I am a patisserie owner and operator. I do a full from scratch, hand made product line with the finest quality ingredients. If it wasn't for wholesale dessert accounts and wedding cakes I'd have to shut my doors.

Hiring staff to do things that you don't want to do isn't really an answer. Labour costs can kill a bakery....and definitely eliminate any profit margins you might make. If you hire a cake decorator to do wedding cakes only....they are going to want a hefty amount of money per hour.....and wedding cakes take ALOT of time and space....your profit margin would go right out the window. 

In order to stay in business...and get people through your doors...sometimes you have to make product you have no interest in whatsoever. For example...I definitely wanted to do from scratch croissants, brioche, and focaccia. But I had no interest in traditional breads and rolls. I found out pretty quickly that while there was a market for what I wanted to make....I had no choice but to give in and make the traditional breads that the public demanded. I had to start making cookies...and not fun and interesting cookies but your run of the mill peanut butter, chocolate chip...and so on and so on. I appeased myself by making the best breads and cookies I was capable of making. If I was going to do it...I was REALLY going to do it and do it well. These were concessions I had to make in order to build and maintain a customer base. People were square nuts in this area.....if I didn't make squares then I didn't get to sell my madeleines, my fancy cakes and cupcakes, my gateaux, and my choux paste creations. It was all a tradeoff. When you own your own business you indeed do have a boss--THE CUSTOMER....and they determine what you make and don't make. Because if you stick to only what YOU want to make...you may end up throwing out alot of wonderful product and putting a for sale sign on your door. 

Ed is right--in this market profit margins are very, very slim...and you NEED experience in all aspects of running a business and restaurant in order to make it.

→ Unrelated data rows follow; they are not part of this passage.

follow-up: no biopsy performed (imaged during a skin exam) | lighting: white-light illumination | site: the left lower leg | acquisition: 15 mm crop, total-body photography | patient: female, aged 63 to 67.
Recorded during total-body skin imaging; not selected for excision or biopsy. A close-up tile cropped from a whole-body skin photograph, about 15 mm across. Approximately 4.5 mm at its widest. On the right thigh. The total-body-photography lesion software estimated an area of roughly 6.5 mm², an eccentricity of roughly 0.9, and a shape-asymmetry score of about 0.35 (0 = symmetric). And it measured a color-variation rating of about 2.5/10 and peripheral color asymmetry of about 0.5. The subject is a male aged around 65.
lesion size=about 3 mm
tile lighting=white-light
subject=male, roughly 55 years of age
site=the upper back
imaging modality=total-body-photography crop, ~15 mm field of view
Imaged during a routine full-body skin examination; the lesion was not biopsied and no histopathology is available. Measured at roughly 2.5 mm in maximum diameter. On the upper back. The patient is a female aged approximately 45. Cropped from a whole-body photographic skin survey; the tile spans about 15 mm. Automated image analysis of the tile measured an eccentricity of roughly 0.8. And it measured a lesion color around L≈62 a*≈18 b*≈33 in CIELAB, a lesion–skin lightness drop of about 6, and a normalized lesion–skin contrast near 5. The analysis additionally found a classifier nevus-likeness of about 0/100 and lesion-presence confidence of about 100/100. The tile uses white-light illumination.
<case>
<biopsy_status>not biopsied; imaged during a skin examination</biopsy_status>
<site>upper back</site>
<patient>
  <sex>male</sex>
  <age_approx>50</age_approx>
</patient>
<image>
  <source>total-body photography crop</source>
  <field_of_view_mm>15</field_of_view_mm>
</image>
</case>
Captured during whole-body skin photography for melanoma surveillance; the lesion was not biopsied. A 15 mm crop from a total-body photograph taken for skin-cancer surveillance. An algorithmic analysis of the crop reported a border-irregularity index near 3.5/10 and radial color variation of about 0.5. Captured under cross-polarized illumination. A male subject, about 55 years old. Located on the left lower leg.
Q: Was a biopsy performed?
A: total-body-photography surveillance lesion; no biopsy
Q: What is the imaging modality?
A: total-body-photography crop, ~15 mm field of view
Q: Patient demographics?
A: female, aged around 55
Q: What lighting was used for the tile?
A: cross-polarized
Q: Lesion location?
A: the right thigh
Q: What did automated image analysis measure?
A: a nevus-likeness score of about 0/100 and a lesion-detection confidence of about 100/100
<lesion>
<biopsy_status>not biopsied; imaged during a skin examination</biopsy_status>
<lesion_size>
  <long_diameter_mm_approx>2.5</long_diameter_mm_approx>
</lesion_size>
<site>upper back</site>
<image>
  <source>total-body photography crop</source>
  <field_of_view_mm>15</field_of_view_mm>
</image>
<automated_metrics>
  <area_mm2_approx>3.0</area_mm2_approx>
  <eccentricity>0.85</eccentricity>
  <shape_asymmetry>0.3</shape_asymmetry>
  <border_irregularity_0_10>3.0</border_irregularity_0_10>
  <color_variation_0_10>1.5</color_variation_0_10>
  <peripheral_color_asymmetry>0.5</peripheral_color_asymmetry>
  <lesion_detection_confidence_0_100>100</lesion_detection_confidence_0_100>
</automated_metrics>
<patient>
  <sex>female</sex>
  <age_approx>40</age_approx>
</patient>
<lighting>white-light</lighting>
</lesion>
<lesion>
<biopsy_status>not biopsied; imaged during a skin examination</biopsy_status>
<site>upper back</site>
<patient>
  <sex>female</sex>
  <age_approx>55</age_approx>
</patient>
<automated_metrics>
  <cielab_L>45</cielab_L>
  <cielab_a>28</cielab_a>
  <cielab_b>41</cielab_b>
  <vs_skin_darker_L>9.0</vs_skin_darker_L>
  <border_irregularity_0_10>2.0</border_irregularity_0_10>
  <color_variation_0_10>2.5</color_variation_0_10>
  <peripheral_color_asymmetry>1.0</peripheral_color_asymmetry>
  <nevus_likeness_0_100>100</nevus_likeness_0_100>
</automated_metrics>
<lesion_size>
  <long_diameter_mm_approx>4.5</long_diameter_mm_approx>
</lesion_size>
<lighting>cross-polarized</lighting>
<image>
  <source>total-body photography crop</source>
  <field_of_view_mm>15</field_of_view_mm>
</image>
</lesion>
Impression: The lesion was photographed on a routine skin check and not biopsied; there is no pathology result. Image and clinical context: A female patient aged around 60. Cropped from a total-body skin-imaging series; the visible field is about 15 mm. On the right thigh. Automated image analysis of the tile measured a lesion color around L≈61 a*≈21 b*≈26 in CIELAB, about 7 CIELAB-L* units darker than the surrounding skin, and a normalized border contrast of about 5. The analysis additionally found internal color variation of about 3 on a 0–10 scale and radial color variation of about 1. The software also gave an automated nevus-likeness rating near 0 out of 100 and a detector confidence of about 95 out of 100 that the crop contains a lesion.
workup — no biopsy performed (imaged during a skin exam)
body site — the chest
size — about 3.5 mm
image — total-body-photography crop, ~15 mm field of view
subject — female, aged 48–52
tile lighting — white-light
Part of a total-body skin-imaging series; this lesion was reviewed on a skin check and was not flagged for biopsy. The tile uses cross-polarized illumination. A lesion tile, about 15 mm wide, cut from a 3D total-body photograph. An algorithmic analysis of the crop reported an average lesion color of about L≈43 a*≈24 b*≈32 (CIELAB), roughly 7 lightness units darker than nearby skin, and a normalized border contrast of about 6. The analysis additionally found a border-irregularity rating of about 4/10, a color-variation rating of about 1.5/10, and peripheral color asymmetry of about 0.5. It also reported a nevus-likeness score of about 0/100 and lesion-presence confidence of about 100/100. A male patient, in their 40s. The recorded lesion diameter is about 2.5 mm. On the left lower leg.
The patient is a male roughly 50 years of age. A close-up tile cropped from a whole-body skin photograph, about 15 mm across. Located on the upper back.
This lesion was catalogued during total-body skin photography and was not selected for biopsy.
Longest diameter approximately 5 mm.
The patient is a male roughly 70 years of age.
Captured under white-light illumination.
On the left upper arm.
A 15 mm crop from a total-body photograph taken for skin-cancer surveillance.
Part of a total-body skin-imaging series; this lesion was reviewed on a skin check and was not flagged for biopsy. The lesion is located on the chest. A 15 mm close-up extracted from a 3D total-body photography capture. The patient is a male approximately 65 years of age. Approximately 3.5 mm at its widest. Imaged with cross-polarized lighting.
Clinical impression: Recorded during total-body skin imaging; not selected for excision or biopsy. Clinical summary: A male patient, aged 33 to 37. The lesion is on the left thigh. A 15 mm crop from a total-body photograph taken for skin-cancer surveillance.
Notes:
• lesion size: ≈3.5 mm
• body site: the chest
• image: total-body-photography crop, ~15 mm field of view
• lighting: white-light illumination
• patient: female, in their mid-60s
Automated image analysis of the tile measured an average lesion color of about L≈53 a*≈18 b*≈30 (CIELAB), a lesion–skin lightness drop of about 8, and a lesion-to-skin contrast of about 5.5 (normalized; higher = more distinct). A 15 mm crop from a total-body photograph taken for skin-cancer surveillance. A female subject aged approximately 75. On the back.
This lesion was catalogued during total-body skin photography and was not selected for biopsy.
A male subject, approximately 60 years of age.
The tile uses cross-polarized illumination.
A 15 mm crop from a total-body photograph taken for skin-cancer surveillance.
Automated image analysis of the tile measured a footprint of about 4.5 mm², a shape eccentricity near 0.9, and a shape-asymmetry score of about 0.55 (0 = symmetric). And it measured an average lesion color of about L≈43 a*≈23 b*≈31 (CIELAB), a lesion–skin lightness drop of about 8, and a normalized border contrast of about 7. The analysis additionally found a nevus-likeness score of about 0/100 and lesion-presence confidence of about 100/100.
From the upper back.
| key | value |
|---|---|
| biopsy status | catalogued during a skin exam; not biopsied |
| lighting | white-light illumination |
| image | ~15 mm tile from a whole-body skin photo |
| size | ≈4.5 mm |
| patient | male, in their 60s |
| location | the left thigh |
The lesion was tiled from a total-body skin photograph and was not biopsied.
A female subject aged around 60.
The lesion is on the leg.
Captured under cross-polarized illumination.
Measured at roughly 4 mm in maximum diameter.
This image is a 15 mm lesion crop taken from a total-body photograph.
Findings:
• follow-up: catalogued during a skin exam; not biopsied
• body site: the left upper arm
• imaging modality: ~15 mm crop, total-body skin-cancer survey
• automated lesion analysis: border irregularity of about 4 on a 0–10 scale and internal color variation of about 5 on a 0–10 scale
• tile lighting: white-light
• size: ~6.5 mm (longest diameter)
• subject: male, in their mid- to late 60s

Not to discourage you...but I had everything going for me going into this venture...I had commercial baking experience, a strong business background...I KNEW what I was getting into. And STILL in the end I feel I was unprepared for the realities of owning and running my own bakery. 

Another thing that people fail to realize is working as a chef can consume your whole life....but when you are a chef/owner....you REALLY have no life. Seriously. You don't own the bakery....the bakery owns you.

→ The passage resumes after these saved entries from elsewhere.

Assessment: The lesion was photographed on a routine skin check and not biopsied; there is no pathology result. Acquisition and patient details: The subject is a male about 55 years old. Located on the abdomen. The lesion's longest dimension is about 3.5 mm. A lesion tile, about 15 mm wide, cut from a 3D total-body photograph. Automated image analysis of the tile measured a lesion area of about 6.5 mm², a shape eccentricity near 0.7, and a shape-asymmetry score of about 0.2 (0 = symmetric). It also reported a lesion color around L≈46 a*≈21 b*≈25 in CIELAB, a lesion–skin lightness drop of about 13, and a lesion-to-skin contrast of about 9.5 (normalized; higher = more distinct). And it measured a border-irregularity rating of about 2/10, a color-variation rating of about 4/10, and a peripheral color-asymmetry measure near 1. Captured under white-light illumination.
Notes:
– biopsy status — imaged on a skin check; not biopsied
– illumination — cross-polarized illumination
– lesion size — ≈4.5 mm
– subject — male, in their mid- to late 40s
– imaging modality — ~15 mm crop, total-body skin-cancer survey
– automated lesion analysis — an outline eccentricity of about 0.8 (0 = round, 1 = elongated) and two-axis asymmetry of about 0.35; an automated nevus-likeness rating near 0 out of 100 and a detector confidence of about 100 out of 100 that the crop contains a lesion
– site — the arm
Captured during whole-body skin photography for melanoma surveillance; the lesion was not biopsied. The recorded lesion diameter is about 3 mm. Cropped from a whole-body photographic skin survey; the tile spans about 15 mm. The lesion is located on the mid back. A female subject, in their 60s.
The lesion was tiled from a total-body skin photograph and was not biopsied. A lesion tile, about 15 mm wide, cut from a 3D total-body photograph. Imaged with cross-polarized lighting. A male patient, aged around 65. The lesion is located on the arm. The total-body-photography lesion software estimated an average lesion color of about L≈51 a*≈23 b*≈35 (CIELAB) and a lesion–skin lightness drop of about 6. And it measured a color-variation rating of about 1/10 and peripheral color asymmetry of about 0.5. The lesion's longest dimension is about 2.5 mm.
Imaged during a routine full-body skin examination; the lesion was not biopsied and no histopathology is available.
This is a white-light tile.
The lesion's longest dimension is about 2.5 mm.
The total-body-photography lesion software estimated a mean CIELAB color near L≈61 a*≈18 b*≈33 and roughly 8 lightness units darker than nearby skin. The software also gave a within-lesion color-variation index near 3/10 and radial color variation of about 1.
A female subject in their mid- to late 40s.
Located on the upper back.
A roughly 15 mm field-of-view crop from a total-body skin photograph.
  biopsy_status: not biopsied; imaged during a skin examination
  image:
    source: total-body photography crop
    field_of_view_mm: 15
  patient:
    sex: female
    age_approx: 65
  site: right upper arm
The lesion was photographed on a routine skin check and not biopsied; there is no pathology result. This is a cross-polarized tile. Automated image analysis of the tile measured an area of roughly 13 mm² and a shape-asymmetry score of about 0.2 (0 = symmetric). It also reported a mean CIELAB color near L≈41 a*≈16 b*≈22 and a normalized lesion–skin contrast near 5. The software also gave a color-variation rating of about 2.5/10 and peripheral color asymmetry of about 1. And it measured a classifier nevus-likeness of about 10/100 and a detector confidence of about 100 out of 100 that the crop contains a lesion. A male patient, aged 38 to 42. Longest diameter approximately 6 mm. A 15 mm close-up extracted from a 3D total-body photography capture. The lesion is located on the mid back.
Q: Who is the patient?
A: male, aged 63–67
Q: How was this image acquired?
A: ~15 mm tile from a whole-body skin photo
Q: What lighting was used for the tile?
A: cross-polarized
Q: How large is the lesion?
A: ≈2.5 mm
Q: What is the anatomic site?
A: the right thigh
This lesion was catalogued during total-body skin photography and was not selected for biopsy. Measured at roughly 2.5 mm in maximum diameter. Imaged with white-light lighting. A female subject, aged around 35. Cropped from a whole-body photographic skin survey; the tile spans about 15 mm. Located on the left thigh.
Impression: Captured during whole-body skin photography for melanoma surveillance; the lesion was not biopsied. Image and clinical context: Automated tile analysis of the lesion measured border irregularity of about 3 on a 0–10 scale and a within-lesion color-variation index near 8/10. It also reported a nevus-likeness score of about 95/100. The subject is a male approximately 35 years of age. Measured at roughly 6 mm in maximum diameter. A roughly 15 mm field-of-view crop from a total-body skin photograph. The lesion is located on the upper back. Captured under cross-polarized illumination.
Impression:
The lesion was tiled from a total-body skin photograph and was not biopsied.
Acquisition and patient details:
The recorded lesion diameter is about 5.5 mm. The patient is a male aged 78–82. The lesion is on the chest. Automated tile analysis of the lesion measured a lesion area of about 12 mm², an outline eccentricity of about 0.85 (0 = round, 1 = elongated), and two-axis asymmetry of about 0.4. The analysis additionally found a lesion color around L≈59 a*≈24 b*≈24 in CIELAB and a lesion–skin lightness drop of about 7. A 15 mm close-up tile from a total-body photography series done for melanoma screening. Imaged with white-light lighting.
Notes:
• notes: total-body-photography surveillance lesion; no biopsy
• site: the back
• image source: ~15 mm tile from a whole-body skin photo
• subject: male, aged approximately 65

I would not recommend owning a bakery to anyone. And the pastry chef who trained me...a brilliant man who owned and operated a very successful and award winning bakery tried to tell me the same thing. I love what I do....but there's a huge difference between working as a pastry chef FOR someone (and that's an extremely demanding and difficult job in itself!) and owning and operating one. Finances are usually such that as an owner you can't afford to hire additional staff so you have to wear all hats yourself. Some you may be good at...others you may not...but regardless you have to GET GOOD AT IT. It's far more than just showing up to work and baking...which by the way for me means 15 hours of straight baking alone EVERY DAY. That's just the beginning of the work. And that's the beginning of the work with one full time staff member and one part time to help me. 

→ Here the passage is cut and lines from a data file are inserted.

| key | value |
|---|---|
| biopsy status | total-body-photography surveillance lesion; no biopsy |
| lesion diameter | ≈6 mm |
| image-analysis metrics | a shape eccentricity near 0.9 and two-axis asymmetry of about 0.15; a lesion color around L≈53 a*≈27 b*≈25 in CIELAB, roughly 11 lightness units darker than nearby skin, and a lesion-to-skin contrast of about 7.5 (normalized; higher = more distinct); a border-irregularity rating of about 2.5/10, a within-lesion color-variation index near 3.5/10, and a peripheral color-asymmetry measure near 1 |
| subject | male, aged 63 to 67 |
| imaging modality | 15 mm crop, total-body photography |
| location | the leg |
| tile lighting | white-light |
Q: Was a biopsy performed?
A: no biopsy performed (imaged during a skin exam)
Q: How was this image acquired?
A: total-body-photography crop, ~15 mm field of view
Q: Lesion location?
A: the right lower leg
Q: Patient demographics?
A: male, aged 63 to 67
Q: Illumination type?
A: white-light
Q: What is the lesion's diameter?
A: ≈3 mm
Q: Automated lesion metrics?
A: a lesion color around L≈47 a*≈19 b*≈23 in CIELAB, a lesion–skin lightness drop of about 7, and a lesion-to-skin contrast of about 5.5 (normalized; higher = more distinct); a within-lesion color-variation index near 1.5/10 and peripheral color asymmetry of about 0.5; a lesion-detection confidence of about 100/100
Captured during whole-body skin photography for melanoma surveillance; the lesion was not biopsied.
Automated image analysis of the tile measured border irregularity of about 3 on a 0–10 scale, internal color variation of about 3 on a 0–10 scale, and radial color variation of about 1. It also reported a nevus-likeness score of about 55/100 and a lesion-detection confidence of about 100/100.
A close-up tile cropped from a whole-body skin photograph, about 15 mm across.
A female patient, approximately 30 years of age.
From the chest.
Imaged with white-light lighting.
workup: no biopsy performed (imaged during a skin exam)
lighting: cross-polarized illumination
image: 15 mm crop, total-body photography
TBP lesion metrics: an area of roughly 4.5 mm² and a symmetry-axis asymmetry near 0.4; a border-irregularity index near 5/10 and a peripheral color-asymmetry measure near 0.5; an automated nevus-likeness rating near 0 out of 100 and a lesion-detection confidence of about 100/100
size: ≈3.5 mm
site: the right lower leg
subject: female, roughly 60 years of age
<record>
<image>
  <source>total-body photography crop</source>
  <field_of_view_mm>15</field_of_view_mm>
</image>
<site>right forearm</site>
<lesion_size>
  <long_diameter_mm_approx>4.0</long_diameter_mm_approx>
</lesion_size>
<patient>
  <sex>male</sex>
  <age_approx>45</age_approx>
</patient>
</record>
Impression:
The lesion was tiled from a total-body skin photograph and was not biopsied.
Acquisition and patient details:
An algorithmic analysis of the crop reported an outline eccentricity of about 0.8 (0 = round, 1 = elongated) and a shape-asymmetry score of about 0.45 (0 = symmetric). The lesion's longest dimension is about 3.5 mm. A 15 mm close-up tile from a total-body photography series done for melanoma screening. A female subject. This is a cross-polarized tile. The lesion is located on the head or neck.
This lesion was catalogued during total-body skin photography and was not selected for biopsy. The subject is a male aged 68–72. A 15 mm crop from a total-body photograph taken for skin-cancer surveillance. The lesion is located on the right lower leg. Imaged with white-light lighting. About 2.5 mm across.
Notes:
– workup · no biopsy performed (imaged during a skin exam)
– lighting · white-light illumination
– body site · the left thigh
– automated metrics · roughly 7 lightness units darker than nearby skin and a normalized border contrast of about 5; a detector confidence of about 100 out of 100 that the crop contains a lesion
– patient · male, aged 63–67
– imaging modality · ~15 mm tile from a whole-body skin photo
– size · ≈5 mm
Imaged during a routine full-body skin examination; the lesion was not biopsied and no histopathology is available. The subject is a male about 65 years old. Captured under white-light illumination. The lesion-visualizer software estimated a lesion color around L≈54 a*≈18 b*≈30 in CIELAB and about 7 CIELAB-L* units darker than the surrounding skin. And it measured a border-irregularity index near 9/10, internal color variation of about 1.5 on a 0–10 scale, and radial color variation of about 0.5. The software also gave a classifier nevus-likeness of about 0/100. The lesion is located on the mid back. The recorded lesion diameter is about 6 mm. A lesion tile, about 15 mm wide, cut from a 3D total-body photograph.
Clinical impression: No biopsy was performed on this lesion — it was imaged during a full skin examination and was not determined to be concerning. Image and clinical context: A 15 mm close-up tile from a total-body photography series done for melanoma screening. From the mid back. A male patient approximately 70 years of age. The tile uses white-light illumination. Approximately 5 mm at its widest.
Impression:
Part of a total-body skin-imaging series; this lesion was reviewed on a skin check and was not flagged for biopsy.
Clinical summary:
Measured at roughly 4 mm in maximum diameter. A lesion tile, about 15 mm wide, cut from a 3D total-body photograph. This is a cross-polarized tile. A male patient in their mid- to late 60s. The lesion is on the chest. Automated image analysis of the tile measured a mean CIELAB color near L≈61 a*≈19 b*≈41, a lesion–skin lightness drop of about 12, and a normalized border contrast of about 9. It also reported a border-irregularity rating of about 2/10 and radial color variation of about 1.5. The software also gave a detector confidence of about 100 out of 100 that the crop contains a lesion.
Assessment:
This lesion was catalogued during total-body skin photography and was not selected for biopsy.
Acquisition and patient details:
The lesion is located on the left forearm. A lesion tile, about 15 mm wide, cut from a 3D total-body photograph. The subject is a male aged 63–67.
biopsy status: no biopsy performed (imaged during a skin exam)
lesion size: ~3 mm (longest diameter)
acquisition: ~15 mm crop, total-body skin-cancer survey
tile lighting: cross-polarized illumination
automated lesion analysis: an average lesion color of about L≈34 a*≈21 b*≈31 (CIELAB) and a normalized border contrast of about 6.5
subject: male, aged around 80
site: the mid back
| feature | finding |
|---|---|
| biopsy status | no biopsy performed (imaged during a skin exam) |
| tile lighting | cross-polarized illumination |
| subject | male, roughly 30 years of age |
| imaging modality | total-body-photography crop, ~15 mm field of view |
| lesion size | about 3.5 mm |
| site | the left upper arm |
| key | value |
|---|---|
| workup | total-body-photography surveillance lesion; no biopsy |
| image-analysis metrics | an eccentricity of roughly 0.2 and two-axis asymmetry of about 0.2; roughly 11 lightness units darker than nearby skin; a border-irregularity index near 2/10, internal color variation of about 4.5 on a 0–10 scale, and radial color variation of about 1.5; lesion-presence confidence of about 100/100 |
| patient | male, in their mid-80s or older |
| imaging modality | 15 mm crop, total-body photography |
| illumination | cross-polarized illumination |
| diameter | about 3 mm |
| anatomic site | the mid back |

I don't have any children...but I do have a husband and two dogs. I rarely see them. I usually stumble home long enough to get a few hours sleep and go back to the shop again. 

Please...I don't mean to discourage you or sound negative. But you asked for a reality check....THIS is the reality of what you are considering.

Okay...back to wedding cakes now....


----------



## chefelle (Feb 17, 2007)

By the way--the reason why I opened my own bakery was because there were no jobs for pastry chefs where I live. I worked the only pastry chef job in this area for a year before being laid off due to the fact that due to poor economic times the owner could no longer afford me. So I opened my own bakery and created my own job. IF there was a decent paying pastry chef's job here on the island...or within driving distance...I'd close my shop in a heartbeat and go and work for them.


----------



## ed buchanan (May 29, 2006)

VERY WELL SAID!!:roll:. Here in Palm Beach, they are always looking for good pastry chefs,There are a lot of private country clubs here.


----------